The rabbits given caffeine had a better blood brain barrier than those that did not ingest caffeine. This study confirms earlier research that caffeine intake protects against memory loss from aging and Alzheimer's disease.

And this is just one more good reason to love drinking coffee.

Wednesday, April 2, 2008

Wal-Mart to make coffee line

Wal-MartWal-Mart, the world's largest retailer, will start selling six different coffees under the Sam's Choice brand in the US in April.

Wal-Mart will offer its customers the coffee experience in a 10- to 12-oz. bag for $5.88. By comparison, Starbucks 12-oz. bags of coffee costs between $7-$10 and Folgers Gourmet Selections 11-oz. bags of coffee cost between $8-$10.

The Sam's Choice brand of coffees will include an organic decaf coffee, fair trade certified and Rainforest Alliance certified coffees. Wal-Mart realizes that consumers are growing more and more environmentally and socially-conscious these days, so offering these coffees helps the consumers give back by purchasing sustainable products.

Tuesday, March 25, 2008

Touch sensitivity may affect taste

foam coffee cupIf given the choice between sipping your coffee out of a ceramic mug or a paper/plastic cup, then which would you choose?

If you chose the paper/plastic cup for any other reason than portability and fitting in your car's cup holder, then please enlighten me.

If you chose a ceramic mug, then it's likely you prefer to have a hold on something heavy and sturdy, right?

There may another reason to choose a thick-walled cup over a thin one, marketing professors Aradhna Krishna and Maureen Morrin have found: taste.

In a study to be published in April's issue of Journal of Consumer Research, 1,000 college students were blind-folded and given water to drink from sturdy and flimsy cups.

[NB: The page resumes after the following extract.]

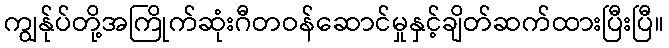
ကျွန်ုပ်တို့အကြိုက်ဆုံးဂီတဝန်ဆောင်မှုနှင့်ချိတ်ဆက်ထားပြီးပြီ။

Many of them gave harsher evaluations of the taste of the water from flimsy cups. These harsh evaluators were students with a low sensitivity to touch. Students who a high sensitivity to touch weren't as likely to have taste be influenced by the kind of cup they sipped out of.

People with a high sensitivity to touch tend to be better evaluators of noting when touch is important or not, like when you're sipping coffee. Touch-sensitive people are those of us who get so much satisfaction out of feeling silk, leather or similarly textured items, can't stand itchy wool sweaters and cut out labels/tags from clothing.